Yes, it was so much fun when my classmates with powerful 80286 with no soundcard came to my house and saw (and listened) Amiga
"How can you play with all that music??" They told me once
 
I remember being impressed with the RealSound that was used in Tex Murphy: Mean Streets to get digitized sound from the PC speaker in 1989. It was tinny sounding, but it was also funky.
 
In 1990 I got a fully loaded PC with sound blaster just for Wing Commander and Origin System games in general. Still can hear it to this day. Coming from Amiga, I was used to good music. Some of my favourite audio was Wing Commander 3 and Day of the Tentacle. The cost though, ouch.
 
season 20 20x1 GIF by South Park


Going from the onboard pc sound to the adlib card blew my mind at the time. But then years later I happen to get a mt32 cheap (it was a going out of sale pc store and it was used). I almost couldn't believe how much better it was, like night and day difference. I really had a strange feeling with the great generation ahead sound but still seeing pixelated graphics.
 
I had some Sound Blaster something card back in the day, and I do remember vaguely they really made a difference with certain games.

Seeing the back to back comparison though...absolute gulf of difference going from generic pc speaker to MT-32. Anything with trumpets and percussion you can make out so much more.
 
It's such a shame that the dedicated sound card market died and people fellate endlessly over pixels but completely ignore the music. This is the same thing to playing something on a $1000 or $100,000 piano.
 
For a time before the rise of these sound cards the Amiga was the machine capable of great audio, straight out of the box, no additional sound card required, but saying that though there were instances where you couldn't get both SFX and music together for some of the games on that platform...
4 channels can do that
but even before the amiga the atari 400/800, commdore 64 and even the vic 20 had actual sound capabilities well before pcs started featuring decent sound
 
The Roland MT-32 sounds like a crappy Cassio synthesizer. Ad-Lib sounds good at times (Monkey Island) but sometimes it is used so poorly that PC speaker is better ( Indiana Jones and the Fate of Atlantis).
 
How it sounded if you just had a stock Amiga and didn't have a rich dad who bought a studio grade Roland sound card.

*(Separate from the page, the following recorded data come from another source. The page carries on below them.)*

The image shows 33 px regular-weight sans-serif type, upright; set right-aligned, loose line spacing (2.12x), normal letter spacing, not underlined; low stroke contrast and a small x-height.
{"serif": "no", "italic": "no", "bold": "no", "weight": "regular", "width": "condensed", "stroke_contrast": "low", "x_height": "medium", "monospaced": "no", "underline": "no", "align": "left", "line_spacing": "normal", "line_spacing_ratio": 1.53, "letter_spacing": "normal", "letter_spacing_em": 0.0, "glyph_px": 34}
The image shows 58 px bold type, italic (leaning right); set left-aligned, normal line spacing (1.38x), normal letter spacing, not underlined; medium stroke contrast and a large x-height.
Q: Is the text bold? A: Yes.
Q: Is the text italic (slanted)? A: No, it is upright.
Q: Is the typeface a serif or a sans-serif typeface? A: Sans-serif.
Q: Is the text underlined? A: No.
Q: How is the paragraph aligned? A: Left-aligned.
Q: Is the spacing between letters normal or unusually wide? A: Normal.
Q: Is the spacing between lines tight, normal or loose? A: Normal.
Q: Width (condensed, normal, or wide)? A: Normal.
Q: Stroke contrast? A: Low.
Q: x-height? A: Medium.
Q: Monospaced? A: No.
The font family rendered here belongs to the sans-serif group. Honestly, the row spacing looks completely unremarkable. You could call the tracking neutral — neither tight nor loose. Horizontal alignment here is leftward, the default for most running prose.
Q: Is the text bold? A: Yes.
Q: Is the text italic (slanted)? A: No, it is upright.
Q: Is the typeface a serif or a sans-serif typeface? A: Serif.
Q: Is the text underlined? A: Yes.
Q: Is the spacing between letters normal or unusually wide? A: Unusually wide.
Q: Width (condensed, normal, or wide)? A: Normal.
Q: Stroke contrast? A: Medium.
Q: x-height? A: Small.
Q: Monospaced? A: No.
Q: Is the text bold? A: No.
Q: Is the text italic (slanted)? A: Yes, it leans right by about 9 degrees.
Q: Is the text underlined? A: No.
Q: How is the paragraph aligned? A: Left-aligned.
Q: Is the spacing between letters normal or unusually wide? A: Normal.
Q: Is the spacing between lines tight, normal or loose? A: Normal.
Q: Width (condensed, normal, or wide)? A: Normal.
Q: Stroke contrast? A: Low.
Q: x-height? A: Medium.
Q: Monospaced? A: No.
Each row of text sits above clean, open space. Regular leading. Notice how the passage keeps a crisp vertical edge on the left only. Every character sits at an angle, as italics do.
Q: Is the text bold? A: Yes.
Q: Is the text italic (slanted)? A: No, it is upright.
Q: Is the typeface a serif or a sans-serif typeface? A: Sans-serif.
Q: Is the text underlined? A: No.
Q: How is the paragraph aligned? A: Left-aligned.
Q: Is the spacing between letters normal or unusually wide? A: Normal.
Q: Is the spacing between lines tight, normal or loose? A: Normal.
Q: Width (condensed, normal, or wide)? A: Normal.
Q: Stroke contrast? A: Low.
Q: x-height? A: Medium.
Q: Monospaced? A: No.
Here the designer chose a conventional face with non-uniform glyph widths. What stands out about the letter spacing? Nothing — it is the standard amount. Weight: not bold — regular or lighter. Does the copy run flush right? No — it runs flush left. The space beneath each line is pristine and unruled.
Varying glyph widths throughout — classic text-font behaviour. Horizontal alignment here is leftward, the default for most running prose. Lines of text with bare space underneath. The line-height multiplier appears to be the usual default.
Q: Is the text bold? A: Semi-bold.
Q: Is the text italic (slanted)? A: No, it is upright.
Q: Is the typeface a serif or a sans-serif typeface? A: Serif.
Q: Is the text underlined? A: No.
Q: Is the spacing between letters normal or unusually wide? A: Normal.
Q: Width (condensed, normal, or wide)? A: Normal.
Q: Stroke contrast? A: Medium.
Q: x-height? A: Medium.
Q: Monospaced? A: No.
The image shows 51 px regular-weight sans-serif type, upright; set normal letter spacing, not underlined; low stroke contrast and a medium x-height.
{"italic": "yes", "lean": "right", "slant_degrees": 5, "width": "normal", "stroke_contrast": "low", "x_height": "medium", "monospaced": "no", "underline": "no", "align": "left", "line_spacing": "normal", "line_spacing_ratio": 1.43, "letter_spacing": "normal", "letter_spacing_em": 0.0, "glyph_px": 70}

This doesn't sound bad at all to me. But I can imagine the disappointment of playing on a computer and getting that kind of sound.

(Not so) fun fact: I have no clue what produced the sound in the PC we had at home in the early 90s, but I distinctly remember MI and Indy and the Last Crusade having music only in a handful of scenes. Pretty much only the title screen, the ending, and a few occasions such as the Indiana Jones jingle or the scene where Indy goes to Berlin to get the diary back. The rest was silence.